The rate of information transfer as a measure of ocean-atmosphere interactions

Exchanges of momentum, energy and mass between the ocean and atmosphere are of large importance in regulating the climate system. Here we apply the Liang-Kleeman rate of information transfer to quantify interactions between the upper ocean and lower atmosphere over the period 1988-2017 at monthly time scale in two different case studies. In the first case study, we investigate dynamical dependencies between sea-surface temperature (SST), SST tendency and turbulent heat flux in satellite observations. We find a strong two-way influence between SST or SST tendency and turbulent heat flux in many regions of the world, with largest values in eastern tropical Pacific and Atlantic oceans, as well as in western boundary currents. The total number of regions with a significant influence of turbulent heat flux on SST and SST tendency is reduced when considering the three variables, suggesting an overall stronger ocean influence compared to the atmosphere.

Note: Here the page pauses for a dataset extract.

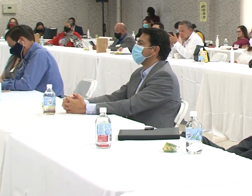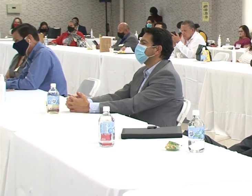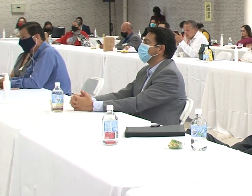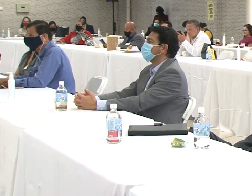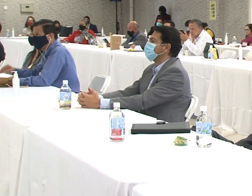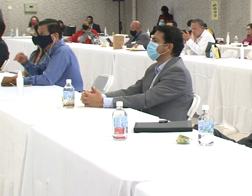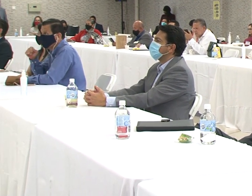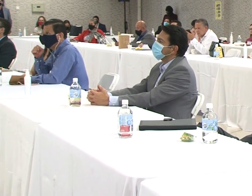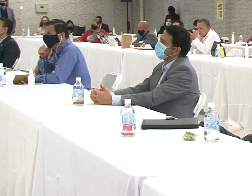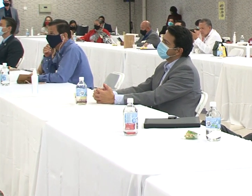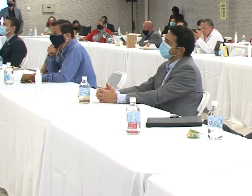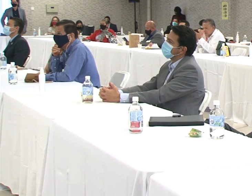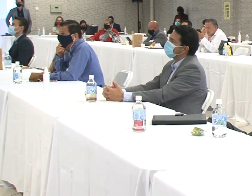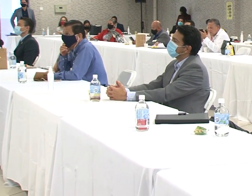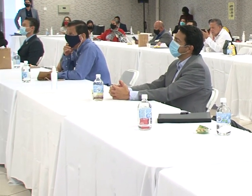Este espacio,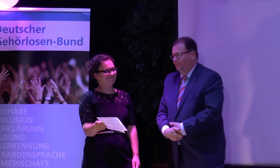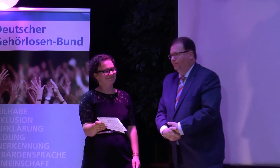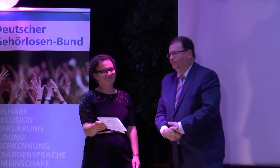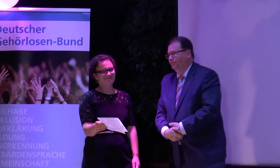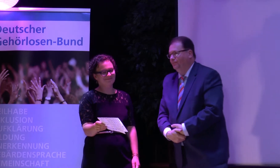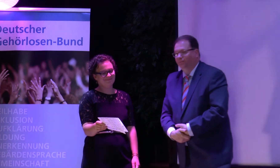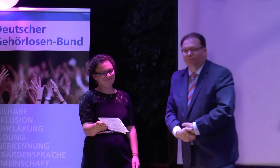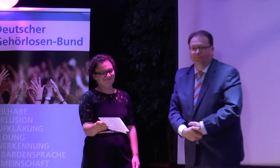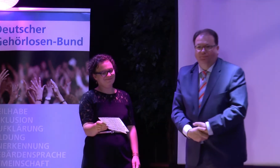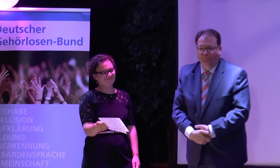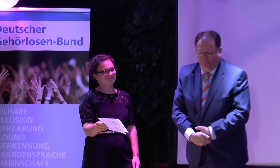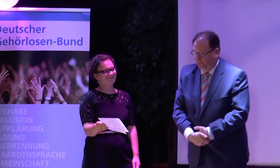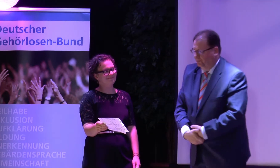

In the second case study, we focus on the influence of ocean heat transport convergence (dynamical influence) and net surface heat flux (thermodynamical influence) on upper ocean heat content tendency in three global climate models with at least two different ocean resolutions. We find that low-resolution model configurations (1° in the ocean) show a much larger number of regions with a significant dynamical influence compared to high-resolution model configurations. The reason for the large difference in dynamical influence between low and high resolutions partly comes from the spatial distribution of ocean velocity field, which displays a larger spatial variability at high resolution.